By analyzing feed intake, GrowSafe data enables the producers to identify the cow herd, sires and bloodlines which possess elevated metabolic efficiency.
“A lot of data is acquired through GrowSafe regarding performance, and it plays a role in identifying the cattle that are coming down sick prior to the outward physical indicators of sickness,” Sanders says. “We are able to get them back on track more quickly by utilizing this technology.”
Heifers are also tested through the GrowSafe system; however, Sanders points out that they are on a very high roughage ration.
“Our target ration is for 1-1/2 pounds of gain, but our heifers have been gaining 2 to 2-1/2 pounds,” he says. “It’s lower quality than what they would have 6 months out of the year on pasture. We don’t want them getting too fat going into the breeding season.”
Hutson can also compare his steers and heifers alongside other Angus breeders’ calves in the local feedyard. “This lot has about 7,000 head on feed and we’ve been sending calves there for over a year,” he explains. “We can get all the information back on how they grade, too.”
A strong foundation
The Hutson Angus Farm genetics originate from 2 truckloads of cows Hutson purchased from Burch Angus Ranch in 1997.
“This foundation herd has a lot to do with how well our cattle have been doing now,” Sanders says. “We’ve outcrossed them some, but those females really don’t do as well as the ones we can trace back to that Burch herd. Clarence Burch was quite a cattleman.”
“They were just the true Aberdeen Angus,” Hutson adds. “He didn’t cross them. Back in the day, they were trying to make Angus tall.”
“That’s why I got into the business,” explains Hutson, who raised Limousin cattle prior to purchasing the Burch cows. “I just couldn’t resist the looks of those cows.”

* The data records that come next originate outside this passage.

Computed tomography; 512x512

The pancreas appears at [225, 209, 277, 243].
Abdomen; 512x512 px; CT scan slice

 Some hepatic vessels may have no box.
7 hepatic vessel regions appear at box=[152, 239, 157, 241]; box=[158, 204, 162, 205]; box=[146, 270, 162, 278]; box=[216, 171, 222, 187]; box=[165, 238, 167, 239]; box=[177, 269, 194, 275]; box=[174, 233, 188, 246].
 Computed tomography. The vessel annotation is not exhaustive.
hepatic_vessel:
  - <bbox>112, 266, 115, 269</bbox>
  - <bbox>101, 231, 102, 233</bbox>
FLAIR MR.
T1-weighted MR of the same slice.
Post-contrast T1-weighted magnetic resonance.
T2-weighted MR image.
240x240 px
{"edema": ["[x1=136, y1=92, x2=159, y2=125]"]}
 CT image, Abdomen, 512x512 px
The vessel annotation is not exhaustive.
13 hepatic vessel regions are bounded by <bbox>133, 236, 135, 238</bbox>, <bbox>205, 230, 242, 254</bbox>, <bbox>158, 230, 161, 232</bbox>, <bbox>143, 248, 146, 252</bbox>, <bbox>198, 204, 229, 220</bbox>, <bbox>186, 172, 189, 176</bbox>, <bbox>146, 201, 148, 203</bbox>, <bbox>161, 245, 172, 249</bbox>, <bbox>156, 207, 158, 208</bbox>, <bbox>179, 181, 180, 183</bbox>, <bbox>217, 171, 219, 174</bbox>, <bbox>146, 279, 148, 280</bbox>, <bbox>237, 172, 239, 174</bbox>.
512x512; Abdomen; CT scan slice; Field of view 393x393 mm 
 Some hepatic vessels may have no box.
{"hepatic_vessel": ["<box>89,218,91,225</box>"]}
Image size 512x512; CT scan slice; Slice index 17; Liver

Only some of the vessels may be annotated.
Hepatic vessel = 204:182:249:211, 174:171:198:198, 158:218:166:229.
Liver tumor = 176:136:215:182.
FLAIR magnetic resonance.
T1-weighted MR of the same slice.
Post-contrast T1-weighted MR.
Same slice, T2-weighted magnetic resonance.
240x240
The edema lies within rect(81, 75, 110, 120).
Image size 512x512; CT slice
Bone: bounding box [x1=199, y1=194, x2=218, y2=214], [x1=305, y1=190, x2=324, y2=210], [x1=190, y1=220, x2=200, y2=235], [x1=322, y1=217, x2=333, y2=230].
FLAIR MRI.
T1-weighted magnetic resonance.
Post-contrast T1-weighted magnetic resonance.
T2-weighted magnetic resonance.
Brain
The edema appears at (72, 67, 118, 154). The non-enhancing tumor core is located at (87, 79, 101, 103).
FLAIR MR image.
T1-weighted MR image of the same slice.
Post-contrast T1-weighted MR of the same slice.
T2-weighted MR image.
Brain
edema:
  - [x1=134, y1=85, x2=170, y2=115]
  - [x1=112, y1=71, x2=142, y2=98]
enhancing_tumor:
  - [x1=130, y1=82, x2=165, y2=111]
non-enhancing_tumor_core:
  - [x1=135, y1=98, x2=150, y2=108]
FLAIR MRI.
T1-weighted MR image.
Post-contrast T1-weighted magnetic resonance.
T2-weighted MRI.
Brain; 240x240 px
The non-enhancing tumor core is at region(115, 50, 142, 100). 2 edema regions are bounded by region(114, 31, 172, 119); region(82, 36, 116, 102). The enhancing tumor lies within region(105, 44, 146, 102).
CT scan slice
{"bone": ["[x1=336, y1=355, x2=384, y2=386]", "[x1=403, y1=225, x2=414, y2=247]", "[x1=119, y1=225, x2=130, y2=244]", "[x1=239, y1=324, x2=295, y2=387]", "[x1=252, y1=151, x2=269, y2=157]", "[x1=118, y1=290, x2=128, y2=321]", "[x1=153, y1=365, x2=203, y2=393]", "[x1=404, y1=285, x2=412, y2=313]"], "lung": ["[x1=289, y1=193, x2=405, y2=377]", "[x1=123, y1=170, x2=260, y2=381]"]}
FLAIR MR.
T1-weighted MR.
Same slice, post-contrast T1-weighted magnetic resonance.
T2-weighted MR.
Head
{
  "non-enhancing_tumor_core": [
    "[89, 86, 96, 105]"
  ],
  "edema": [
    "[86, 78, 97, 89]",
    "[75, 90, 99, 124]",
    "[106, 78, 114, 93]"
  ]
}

Hutson has stayed true to himself as well, in terms of how he breeds cattle today. Sanders describes the mature cows as weighing 1,300 to 1,400 pounds.
“They’re not big, ‘framey’ cattle,” he adds. “They’re good, thick, big-boned cattle. They go out and do their job.”
These cattlemen expect a cow to go out and do her job without creep feed or special treatment. Cattle graze the crop residue from the farming operation, along with native and improved grass pastures.
The next step is informing the farmer and rancher.
“One of the biggest challenges we have now is showing the customer what feed efficiency can do for them,” Sanders says. “We’ve seen a world of difference in this herd, just in the 7 years Krista and I have been here. We’ve made leaps and bounds.”
Sanders says most of this was made by using artificial insemination (AI) sires and cleanup bulls, while only testing a few females. “We’ve made such progress with the bulls that I really think we can take a bigger leap by testing all these females,” he adds. “We’re trying to show the farmers and ranchers how far and how quickly they can move by using feed-efficient bulls.”
“They see, and they look, and they hear, but they don’t understand, or they say, ‘This is the way I’ve always done it.’” says Hutson of this ongoing challenge.
Hutson Farms uses advertising, social media, and in-person presentations to help their customers better understand the value of feed efficiency in a commercial operation.
More research on the economics of feed efficiency is available, with those in academia talking about it too. “We hope it helps,” Hutson says.
For the bigger operations who need 8 to 15 bulls, this focus on efficiency is paying off and the cattlemen have seen many return customers. When they were selling out of the test in Nebraska, many customers began asking about the bulls with the BH brand.
“Research has shown they will get about 15 percent return on their money very quickly,” Hutson concludes.
Hutson Angus Farms is a web exclusive article written for The Cattleman magazine in February 2018.